The improvement comes from pulling the referrers and referees with a single XPath operation..


I'll test with different amounts of data to discovere the time complexity,
it seems nothing can be assumed of ms's dom implementation (i would think selecting a direct descendant by an attribute would be cheap.)
and my inability to think about most basic properties of algorithms before implementing them :P

upb
November 9th, 2007, 16:28
I was wondering about the 30sec for embed operation.. and

First we refeactor a bit by extracting the embed operation for a referrer
Code:

foreach (DictionaryEntry reference in references)
{
XmlNode referrer = (XmlNode) reference.Key;
XmlNode referee = (XmlNode) reference.Value;

EmbedNode(referee, referrer);
}


This of course doesn't change the performance.

Move the referee finding to the Embed part:
Code:

foreach (XmlNode child in affectedNodes)
{
if (child.Attributes["href"] != null)
{
references.Add(child, null);
}
}

Code:

foreach (DictionaryEntry reference in references)
{
XmlNode referrer = (XmlNode) reference.Key;
string href = referrer.Attributes["href"].Value.Substring(1);
XmlNode referee = (XmlNode)IdToNode[href];

EmbedNode(referee, referrer);
}


This doesn't change the performance either, why should it,
but why use a dictionary when we only hold values and iterate it?
Change it to an ArrayList:
Code:

ArrayList references = new ArrayList();

and
Code:

..
references.Add(child);
..

fix the iteration aswell:
Code:

foreach (XmlNode referrer in references)


This change doesnt affect performance either, right?
wrong:
Code:

9.11.2007 23:09:12 embed >
9.11.2007 23:09:13 <. took 0,6407275sec


I suspect it has to do with modifying objects that are used as Hashtable keys maybe..

Pii
November 9th, 2007, 17:42
mate, there is no magic in calculating complexity.
if I understand correctly, what you did before is:
for each node, traverse whole tree to find node with "href" value matching href from the first node.
if there are n nodes, then your execution time is n*n*c where c is time needed for one "visit node" operation.
you have to visit each node anyway, so the only place to optimize is the searching. instead of searching whole tree each time, you can remember (href, [node1,..,nodeN]) pairs in some "fast" data structure like dictionary. then you can simply ask the dictionary for the node set.

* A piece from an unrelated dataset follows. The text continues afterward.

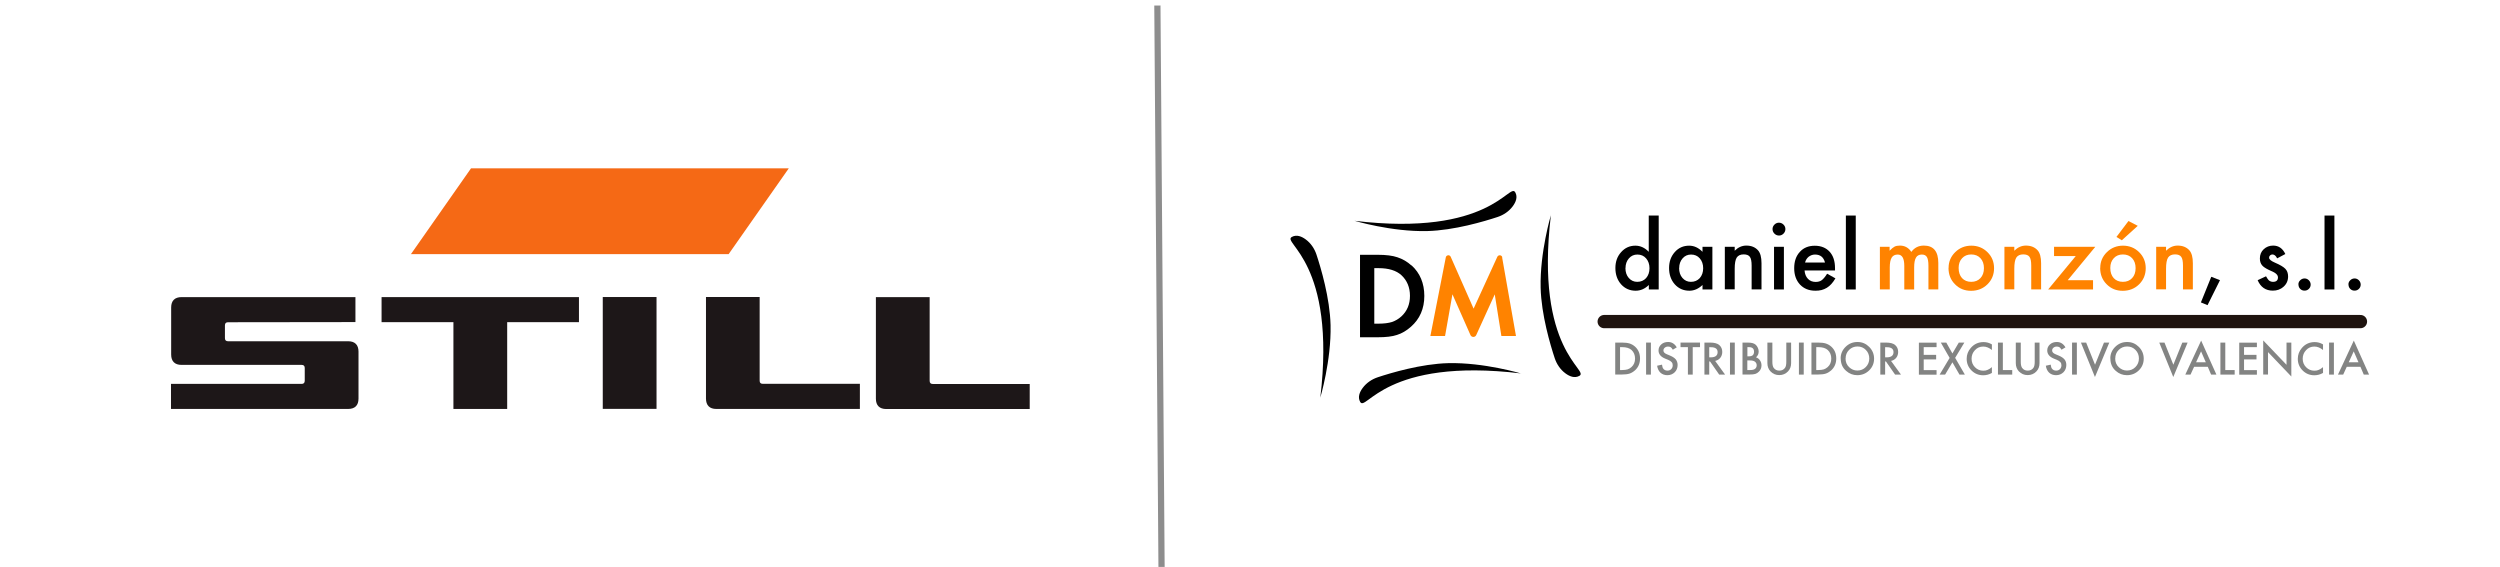 <?xml version="1.0" encoding="UTF-8"?><svg id="final" xmlns="http://www.w3.org/2000/svg" viewBox="0 0 301.32 68.33"><defs><style>.cls-1{fill:#f56915;}.cls-2{fill:#ff8300;}.cls-3{fill:#1d1718;}.cls-4{fill:#838483;}.cls-5{stroke:#8d8d8d;stroke-linecap:square;stroke-width:.75px;}.cls-5,.cls-6{fill:none;stroke-linejoin:round;}.cls-6{stroke:#1f140f;stroke-linecap:round;stroke-width:1.6px;}</style></defs><g id="STILL"><polygon class="cls-3" points="45.99 35.81 69.78 35.81 69.78 38.83 61.13 38.83 61.13 49.29 54.65 49.29 54.65 38.83 45.99 38.83 45.99 35.81"/><path class="cls-3" d="M85.08,35.8h6.48v10.09c0,.25,.12,.37,.38,.37h11.7v3.03h-17.3c-.82,0-1.25-.44-1.25-1.26v-12.23Z"/><rect class="cls-3" x="72.65" y="35.8" width="6.48" height="13.48"/><path class="cls-3" d="M20.63,37.06c0-.82,.44-1.25,1.25-1.25h20.96v3.01l-15.36,.02c-.25,0-.37,.13-.37,.38v1.54c0,.25,.13,.37,.37,.37h14.48c.81,0,1.25,.43,1.25,1.25v5.66c0,.82-.43,1.25-1.25,1.25H20.61v-3.02h15.75c.24,0,.37-.13,.37-.38v-1.54c0-.24-.12-.37-.37-.37h-14.48c-.82,0-1.25-.44-1.25-1.25v-5.66Z"/><path class="cls-3" d="M105.57,35.81h6.48v10.09c0,.25,.12,.38,.38,.38h11.68v3.02h-17.29c-.82,0-1.25-.44-1.25-1.25v-12.23Z"/><polygon class="cls-1" points="56.77 20.29 95.07 20.29 87.82 30.63 49.53 30.63 56.77 20.29"/></g><line class="cls-5" x1="139.5" y1="1.04" x2="140" y2="68.54"/><g><g><path d="M198.73,25.98h1.19v8.91h-1.19v-.54c-.47,.46-1,.69-1.59,.69-.7,0-1.29-.26-1.75-.77-.46-.52-.69-1.18-.69-1.96s.23-1.41,.69-1.92c.46-.52,1.03-.78,1.72-.78,.6,0,1.14,.25,1.61,.74v-4.37Zm-2.82,6.32c0,.49,.13,.89,.4,1.2,.27,.31,.61,.47,1.02,.47,.44,0,.79-.15,1.07-.45,.27-.31,.41-.71,.41-1.19s-.14-.88-.41-1.19c-.27-.31-.62-.46-1.05-.46-.41,0-.75,.15-1.02,.46-.27,.31-.41,.7-.41,1.16Z"/><path d="M205.2,29.75h1.19v5.14h-1.19v-.54c-.49,.46-1.01,.69-1.58,.69-.71,0-1.3-.26-1.76-.77-.46-.52-.69-1.18-.69-1.96s.23-1.41,.69-1.93,1.04-.77,1.73-.77c.6,0,1.13,.25,1.61,.74v-.6Zm-2.82,2.55c0,.49,.13,.89,.4,1.2,.27,.31,.61,.47,1.02,.47,.44,0,.79-.15,1.07-.45,.27-.31,.41-.71,.41-1.19s-.14-.88-.41-1.19c-.27-.31-.62-.46-1.05-.46-.41,0-.75,.15-1.02,.46-.27,.31-.41,.7-.41,1.16Z"/><path d="M207.89,29.75h1.19v.47c.41-.41,.88-.62,1.4-.62,.6,0,1.06,.19,1.4,.56,.29,.32,.43,.84,.43,1.57v3.15h-1.19v-2.87c0-.51-.07-.86-.21-1.05-.14-.2-.39-.3-.75-.3-.39,0-.67,.13-.84,.39-.16,.26-.24,.7-.24,1.34v2.48h-1.19v-5.14Z"/><path d="M213.64,27.61c0-.21,.08-.39,.23-.54s.33-.23,.54-.23,.4,.08,.55,.23c.15,.15,.23,.33,.23,.54s-.08,.4-.23,.55c-.15,.15-.33,.23-.54,.23s-.4-.08-.55-.23c-.15-.15-.23-.34-.23-.55Zm1.37,2.14v5.14h-1.19v-5.14h1.19Z"/><path d="M221.18,32.6h-3.68c.03,.42,.17,.76,.41,1.01,.24,.25,.55,.37,.93,.37,.3,0,.54-.07,.73-.21,.19-.14,.41-.4,.65-.78l1,.56c-.15,.26-.32,.49-.49,.68-.17,.19-.36,.34-.55,.46-.2,.12-.41,.21-.64,.27-.23,.06-.48,.08-.74,.08-.77,0-1.38-.25-1.85-.74-.46-.5-.7-1.15-.7-1.97s.22-1.47,.68-1.97c.45-.5,1.05-.74,1.8-.74s1.35,.24,1.79,.72c.44,.48,.65,1.14,.65,1.99v.28Zm-1.22-.97c-.17-.63-.56-.95-1.2-.95-.14,0-.28,.02-.41,.07s-.24,.11-.35,.19c-.1,.08-.19,.18-.27,.3s-.13,.25-.17,.4h2.38Z"/></g><path d="M223.67,25.98v8.91h-1.19v-8.91h1.19Z"/><g><path class="cls-2" d="M226.56,29.75h1.19v.47c.23-.24,.42-.4,.59-.49,.17-.09,.39-.13,.65-.13,.58,0,1.04,.25,1.38,.76,.37-.51,.88-.76,1.51-.76,1.16,0,1.74,.7,1.74,2.1v3.18h-1.19v-2.85c0-.49-.06-.84-.18-1.04-.12-.21-.33-.31-.61-.31-.33,0-.57,.12-.71,.37-.15,.25-.22,.64-.22,1.19v2.65h-1.19v-2.84c0-.91-.26-1.37-.79-1.37-.33,0-.58,.12-.73,.37-.15,.25-.23,.64-.23,1.18v2.65h-1.19v-5.14Z"/><path class="cls-2" d="M234.86,32.28c0-.74,.27-1.37,.8-1.89,.53-.52,1.18-.78,1.94-.78s1.42,.26,1.95,.79c.53,.52,.79,1.17,.79,1.93s-.27,1.42-.8,1.94c-.53,.52-1.19,.78-1.97,.78s-1.42-.26-1.94-.79c-.52-.52-.78-1.17-.78-1.96Zm1.21,.02c0,.51,.14,.92,.41,1.22,.28,.3,.65,.45,1.11,.45s.83-.15,1.11-.45c.28-.3,.42-.7,.42-1.2s-.14-.9-.42-1.2c-.28-.3-.65-.45-1.11-.45s-.82,.15-1.1,.45c-.28,.3-.42,.69-.42,1.17Z"/><path class="cls-2" d="M241.59,29.75h1.19v.47c.41-.41,.88-.62,1.4-.62,.6,0,1.06,.19,1.4,.56,.29,.32,.43,.84,.43,1.57v3.15h-1.19v-2.87c0-.51-.07-.86-.21-1.05-.14-.2-.39-.3-.75-.3-.39,0-.67,.13-.84,.39-.16,.26-.24,.7-.24,1.34v2.48h-1.19v-5.14Z"/><path class="cls-2" d="M249.22,33.77h3.05v1.12h-5.41l3.33-4.03h-2.62v-1.11h4.97l-3.32,4.02Z"/><path class="cls-2" d="M253.14,32.28c0-.74,.27-1.37,.8-1.89,.53-.52,1.18-.78,1.94-.78s1.42,.26,1.95,.79c.53,.52,.79,1.17,.79,1.93s-.27,1.42-.8,1.94c-.53,.52-1.19,.78-1.97,.78s-1.42-.26-1.94-.79c-.52-.52-.78-1.17-.78-1.96Zm1.21,.02c0,.51,.14,.92,.41,1.22,.28,.3,.65,.45,1.11,.45s.83-.15,1.11-.45c.28-.3,.42-.7,.42-1.2s-.14-.9-.42-1.2c-.28-.3-.65-.45-1.11-.45s-.82,.15-1.1,.45c-.28,.3-.42,.69-.42,1.17Zm3.31-5.08l-1.92,1.74-.65-.4,1.45-1.92,1.12,.58Z"/><path class="cls-2" d="M259.88,29.75h1.19v.47c.41-.41,.88-.62,1.4-.62,.6,0,1.06,.19,1.4,.56,.29,.32,.43,.84,.43,1.57v3.15h-1.19v-2.87c0-.51-.07-.86-.21-1.05-.14-.2-.39-.3-.75-.3-.39,0-.67,.13-.84,.39-.16,.26-.24,.7-.24,1.34v2.48h-1.19v-5.14Z"/></g><g><path d="M266.52,33.36l1.05,.41-1.5,3.01-.8-.33,1.25-3.09Z"/><path d="M275.44,30.62l-.98,.52c-.15-.32-.35-.47-.57-.47-.11,0-.2,.04-.28,.11-.08,.07-.12,.16-.12,.28,0,.2,.23,.39,.69,.59,.63,.27,1.05,.52,1.27,.75,.22,.23,.33,.54,.33,.92,0,.5-.18,.91-.55,1.24-.36,.32-.78,.47-1.29,.47-.86,0-1.47-.42-1.83-1.26l1.01-.47c.14,.25,.25,.4,.32,.47,.14,.13,.32,.2,.52,.2,.4,0,.6-.18,.6-.55,0-.21-.15-.41-.46-.59-.12-.06-.24-.12-.36-.17-.12-.06-.24-.11-.36-.17-.34-.17-.59-.34-.73-.51-.18-.21-.27-.49-.27-.83,0-.45,.15-.82,.46-1.11,.31-.29,.69-.44,1.14-.44,.66,0,1.15,.34,1.47,1.02Z"/><path d="M277.02,34.29c0-.2,.07-.37,.22-.51,.14-.14,.32-.22,.52-.22s.37,.07,.52,.22c.14,.14,.22,.32,.22,.52s-.07,.38-.22,.52c-.14,.14-.31,.21-.52,.21s-.38-.07-.52-.21c-.14-.14-.21-.32-.21-.53Z"/><path d="M281.36,25.98v8.91h-1.19v-8.91h1.19Z"/><path d="M283.05,34.29c0-.2,.07-.37,.22-.51,.14-.14,.32-.22,.52-.22s.37,.07,.52,.22c.14,.14,.22,.32,.22,.52s-.07,.38-.22,.52c-.14,.14-.31,.21-.52,.21s-.38-.07-.52-.21c-.14-.14-.21-.32-.21-.53Z"/></g><line class="cls-6" x1="193.35" y1="38.76" x2="284.5" y2="38.76"/><path d="M163.22,26.6s4.48,1.35,8.79,1.25c3.27-.08,6.93-1.18,8.5-1.7,.72-.24,1.37-.68,1.82-1.29,.37-.5,.62-1.11,.3-1.68-.7-1.25-3.02,5.4-19.4,3.43"/><path d="M183.35,45.02s-4.48-1.35-8.79-1.25c-3.27,.08-6.93,1.18-8.5,1.7-.72,.24-1.37,.68-1.82,1.29-.37,.5-.62,1.11-.3,1.68,.7,1.25,3.02-5.4,19.4-3.43"/><path d="M159.12,47.97s1.35-4.48,1.25-8.79c-.08-3.27-1.18-6.93-1.7-8.5-.24-.72-.68-1.37-1.29-1.82-.5-.37-1.11-.62-1.68-.3-1.25,.7,5.4,3.02,3.43,19.4"/><path d="M186.94,25.89s-1.35,4.48-1.25,8.79c.08,3.27,1.18,6.93,1.7,8.5,.24,.72,.68,1.37,1.29,1.82,.5,.37,1.11,.62,1.68,.3,1.25-.7-5.4-3.02-3.43-19.4"/><path class="cls-2" d="M181.07,31.03c-.02-.14-.13-.24-.27-.26-.14-.02-.27,.06-.33,.18l-2.86,6.25-2.76-6.25c-.06-.13-.18-.2-.32-.18-.14,.02-.25,.12-.27,.25l-1.86,9.48h1.77l.89-5.03,2.17,4.91c.06,.14,.2,.23,.35,.23h0c.15,0,.29-.09,.35-.23l2.23-4.9,.8,5.02h1.76l-1.67-9.47Z"/><path d="M170.12,32c-.5-.46-1.08-.79-1.69-.99-.58-.2-1.37-.3-2.35-.3h-2.16v9.94h2.13c.99,0,1.77-.09,2.32-.28,.59-.18,1.16-.52,1.69-.99,1.07-.94,1.61-2.19,1.61-3.71s-.52-2.76-1.54-3.69m-.19,3.69c0,1.01-.35,1.84-1.04,2.47-.34,.31-.72,.53-1.13,.67-.42,.13-.96,.2-1.6,.2h-.53v-6.69h.53c1.21,0,2.13,.29,2.74,.85,.68,.63,1.03,1.47,1.03,2.49"/><g><path class="cls-4" d="M194.68,45.15v-3.86h.81c.39,0,.69,.04,.92,.11,.24,.08,.46,.2,.66,.38,.4,.36,.6,.84,.6,1.43s-.21,1.07-.62,1.44c-.21,.18-.43,.31-.65,.38-.21,.07-.52,.11-.91,.11h-.8Zm.58-.55h.26c.26,0,.48-.03,.65-.08,.17-.06,.33-.15,.47-.28,.29-.26,.43-.6,.43-1.02s-.14-.77-.42-1.03c-.25-.23-.63-.35-1.13-.35h-.26v2.76Z"/><path class="cls-4" d="M198.98,41.29v3.86h-.58v-3.86h.58Z"/><path class="cls-4" d="M202.09,41.87l-.47,.28c-.09-.15-.17-.25-.25-.3-.08-.05-.19-.08-.32-.08-.16,0-.3,.05-.4,.14-.11,.09-.16,.2-.16,.34,0,.19,.14,.34,.42,.45l.38,.16c.31,.13,.54,.28,.69,.46,.14,.18,.22,.41,.22,.67,0,.35-.12,.65-.35,.88-.24,.23-.53,.35-.89,.35-.33,0-.61-.1-.83-.3-.21-.2-.35-.48-.4-.84l.59-.13c.03,.23,.07,.38,.14,.47,.12,.17,.29,.25,.52,.25,.18,0,.33-.06,.45-.18s.18-.28,.18-.46c0-.08-.01-.14-.03-.21-.02-.06-.05-.12-.1-.17-.04-.05-.1-.1-.17-.15-.07-.05-.15-.09-.25-.13l-.37-.15c-.53-.22-.79-.55-.79-.98,0-.29,.11-.53,.33-.73,.22-.2,.5-.29,.83-.29,.44,0,.79,.22,1.04,.65Z"/><path class="cls-4" d="M204.02,41.84v3.31h-.58v-3.31h-.89v-.55h2.35v.55h-.88Z"/><path class="cls-4" d="M206.73,43.51l1.19,1.64h-.71l-1.1-1.58h-.1v1.58h-.58v-3.86h.68c.51,0,.88,.1,1.1,.29,.25,.21,.37,.49,.37,.84,0,.27-.08,.51-.23,.7s-.36,.32-.62,.38Zm-.72-.44h.18c.55,0,.83-.21,.83-.63,0-.39-.27-.59-.8-.59h-.21v1.22Z"/><path class="cls-4" d="M209.09,41.29v3.86h-.58v-3.86h.58Z"/><path class="cls-4" d="M210.02,45.15v-3.86h.58c.26,0,.46,.02,.62,.06,.15,.04,.29,.11,.39,.2,.11,.1,.19,.22,.26,.37,.07,.15,.1,.3,.1,.45,0,.28-.11,.51-.32,.7,.2,.07,.37,.19,.48,.37,.12,.17,.18,.37,.18,.6,0,.3-.11,.56-.32,.76-.13,.13-.27,.22-.43,.27-.17,.05-.39,.07-.66,.07h-.88Zm.58-2.2h.18c.22,0,.38-.05,.48-.14,.1-.1,.15-.24,.15-.42s-.05-.32-.15-.41c-.1-.09-.25-.14-.45-.14h-.2v1.12Zm0,1.65h.36c.26,0,.46-.05,.58-.15,.13-.11,.19-.25,.19-.42s-.06-.31-.19-.42c-.12-.11-.34-.17-.65-.17h-.29v1.17Z"/><path class="cls-4" d="M213.62,41.29v2.32c0,.33,.05,.57,.16,.73,.16,.22,.39,.33,.68,.33s.52-.11,.68-.33c.11-.15,.16-.39,.16-.73v-2.32h.58v2.48c0,.41-.13,.74-.38,1-.28,.29-.63,.44-1.05,.44s-.76-.15-1.05-.44c-.25-.26-.38-.6-.38-1v-2.48h.58Z"/><path class="cls-4" d="M217.4,41.29v3.86h-.58v-3.86h.58Z"/><path class="cls-4" d="M218.33,45.15v-3.86h.81c.39,0,.69,.04,.92,.11,.24,.08,.46,.2,.66,.38,.4,.36,.6,.84,.6,1.43s-.21,1.07-.62,1.44c-.21,.18-.43,.31-.65,.38-.21,.07-.52,.11-.91,.11h-.8Zm.58-.55h.26c.26,0,.48-.03,.65-.08,.17-.06,.33-.15,.47-.28,.29-.26,.43-.6,.43-1.02s-.14-.77-.42-1.03c-.25-.23-.63-.35-1.13-.35h-.26v2.76Z"/><path class="cls-4" d="M221.85,43.2c0-.54,.2-1.01,.6-1.4,.4-.39,.87-.58,1.43-.58s1.02,.2,1.41,.59c.39,.39,.59,.87,.59,1.42s-.2,1.03-.59,1.41c-.4,.39-.88,.58-1.44,.58-.5,0-.95-.17-1.34-.52-.44-.38-.65-.88-.65-1.5Zm.59,0c0,.43,.14,.78,.43,1.05,.28,.27,.61,.41,.99,.41,.4,0,.75-.14,1.02-.42,.28-.28,.42-.63,.42-1.03s-.14-.76-.41-1.03c-.27-.28-.61-.42-1.01-.42s-.74,.14-1.02,.42c-.28,.28-.41,.62-.41,1.02Z"/><path class="cls-4" d="M227.93,43.51l1.19,1.64h-.71l-1.1-1.58h-.1v1.58h-.58v-3.86h.68c.51,0,.88,.1,1.1,.29,.25,.21,.37,.49,.37,.84,0,.27-.08,.51-.23,.7s-.36,.32-.62,.38Zm-.72-.44h.18c.55,0,.83-.21,.83-.63,0-.39-.27-.59-.8-.59h-.21v1.22Z"/><path class="cls-4" d="M233.41,41.84h-1.55v.93h1.5v.55h-1.5v1.29h1.55v.55h-2.13v-3.86h2.13v.55Z"/><path class="cls-4" d="M234.98,43.13l-1.06-1.84h.66l.74,1.31,.77-1.31h.67l-1.11,1.84,1.17,2.02h-.65l-.85-1.48-.88,1.48h-.66l1.21-2.02Z"/><path class="cls-4" d="M240.08,41.5v.69c-.34-.28-.68-.42-1.04-.42-.4,0-.73,.14-1,.43-.27,.28-.41,.63-.41,1.04s.14,.75,.41,1.02c.27,.28,.61,.42,1,.42,.2,0,.38-.03,.52-.1,.08-.03,.16-.08,.25-.13,.09-.06,.18-.12,.27-.2v.7c-.33,.19-.68,.28-1.05,.28-.55,0-1.02-.19-1.41-.58-.39-.39-.58-.86-.58-1.4,0-.49,.16-.93,.49-1.31,.4-.47,.92-.71,1.55-.71,.35,0,.68,.09,1,.28Z"/><path class="cls-4" d="M241.4,41.29v3.31h1.13v.55h-1.72v-3.86h.58Z"/><path class="cls-4" d="M243.56,41.29v2.32c0,.33,.05,.57,.16,.73,.16,.22,.39,.33,.68,.33s.52-.11,.68-.33c.11-.15,.16-.39,.16-.73v-2.32h.58v2.48c0,.41-.13,.74-.38,1-.28,.29-.63,.44-1.05,.44s-.76-.15-1.05-.44c-.25-.26-.38-.6-.38-1v-2.48h.58Z"/><path class="cls-4" d="M248.94,41.87l-.47,.28c-.09-.15-.17-.25-.25-.3-.08-.05-.19-.08-.32-.08-.16,0-.3,.05-.4,.14-.11,.09-.16,.2-.16,.34,0,.19,.14,.34,.42,.45l.38,.16c.31,.13,.54,.28,.69,.46,.15,.18,.22,.41,.22,.67,0,.35-.12,.65-.35,.88-.24,.23-.53,.35-.89,.35-.33,0-.61-.1-.83-.3-.21-.2-.35-.48-.4-.84l.59-.13c.03,.23,.07,.38,.14,.47,.12,.17,.29,.25,.52,.25,.18,0,.33-.06,.45-.18,.12-.12,.18-.28,.18-.46,0-.08-.01-.14-.03-.21-.02-.06-.05-.12-.1-.17-.04-.05-.1-.1-.17-.15-.07-.05-.15-.09-.25-.13l-.37-.15c-.53-.22-.79-.55-.79-.98,0-.29,.11-.53,.33-.73,.22-.2,.5-.29,.83-.29,.44,0,.79,.22,1.04,.65Z"/><path class="cls-4" d="M250.32,41.29v3.86h-.58v-3.86h.58Z"/><path class="cls-4" d="M251.44,41.29l1.07,2.67,1.08-2.67h.64l-1.73,4.15-1.69-4.15h.64Z"/><path class="cls-4" d="M254.35,43.2c0-.54,.2-1.01,.6-1.4,.4-.39,.87-.58,1.43-.58s1.02,.2,1.41,.59c.39,.39,.59,.87,.59,1.42s-.2,1.03-.59,1.41c-.4,.39-.88,.58-1.44,.58-.5,0-.95-.17-1.34-.52-.44-.38-.65-.88-.65-1.5Zm.59,0c0,.43,.14,.78,.43,1.05,.28,.27,.61,.41,.99,.41,.4,0,.75-.14,1.02-.42,.28-.28,.42-.63,.42-1.03s-.14-.76-.41-1.03c-.27-.28-.61-.42-1.01-.42s-.74,.14-1.02,.42c-.28,.28-.41,.62-.41,1.02Z"/><path class="cls-4" d="M260.88,41.29l1.07,2.67,1.08-2.67h.64l-1.73,4.15-1.69-4.15h.64Z"/><path class="cls-4" d="M266.1,44.21h-1.65l-.43,.94h-.63l1.91-4.1,1.84,4.1h-.64l-.4-.94Zm-.24-.55l-.57-1.31-.6,1.31h1.17Z"/><path class="cls-4" d="M268.21,41.29v3.31h1.13v.55h-1.72v-3.86h.58Z"/><path class="cls-4" d="M272.02,41.84h-1.55v.93h1.5v.55h-1.5v1.29h1.55v.55h-2.13v-3.86h2.13v.55Z"/><path class="cls-4" d="M272.78,45.15v-4.12l2.81,2.94v-2.68h.58v4.09l-2.81-2.94v2.7h-.58Z"/><path class="cls-4" d="M279.99,41.5v.69c-.34-.28-.68-.42-1.04-.42-.4,0-.73,.14-1,.43-.27,.28-.41,.63-.41,1.04s.14,.75,.41,1.02c.27,.28,.61,.42,1,.42,.2,0,.38-.03,.52-.1,.08-.03,.16-.08,.25-.13,.09-.06,.18-.12,.27-.2v.7c-.33,.19-.68,.28-1.05,.28-.55,0-1.02-.19-1.41-.58-.39-.39-.58-.86-.58-1.4,0-.49,.16-.93,.49-1.31,.4-.47,.92-.71,1.55-.71,.35,0,.68,.09,1,.28Z"/><path class="cls-4" d="M281.3,41.29v3.86h-.58v-3.86h.58Z"/><path class="cls-4" d="M284.5,44.21h-1.65l-.43,.94h-.63l1.91-4.1,1.84,4.1h-.64l-.4-.94Zm-.24-.55l-.57-1.31-.6,1.31h1.17Z"/></g></g></svg>

ofc maybe I'm missing something here - I admit I haven't read your code.

upb
November 9th, 2007, 20:00
Yes i agree, but there is a limitation i didnt mention before (which make it not O(n*n), but still your comment helped to get me thinking):

All the elements with @id are children of a known element (container), so it's not needed to search the whole tree, just direct children of a node.

That's why i thought the operation of finding the referee would be cheap.

The number of @href elements equals the number of @id elements (m), so
it's smth like O(m* // times embedRefs is called
(m + // select referee
n/m + // select detached children
c // move children
)) = O(m*m + n)

But thx again

LLXX
November 10th, 2007, 03:50
I'd first parse the input XML to generate a hash table of the element names to offsets within the file, then copy each element in the hash table to the output XML, replacing the hrefs with their content as they're copied and marking the element name in the table so it doesn't get copied. This is O(N) time complexity where N is the total number of elements in the input.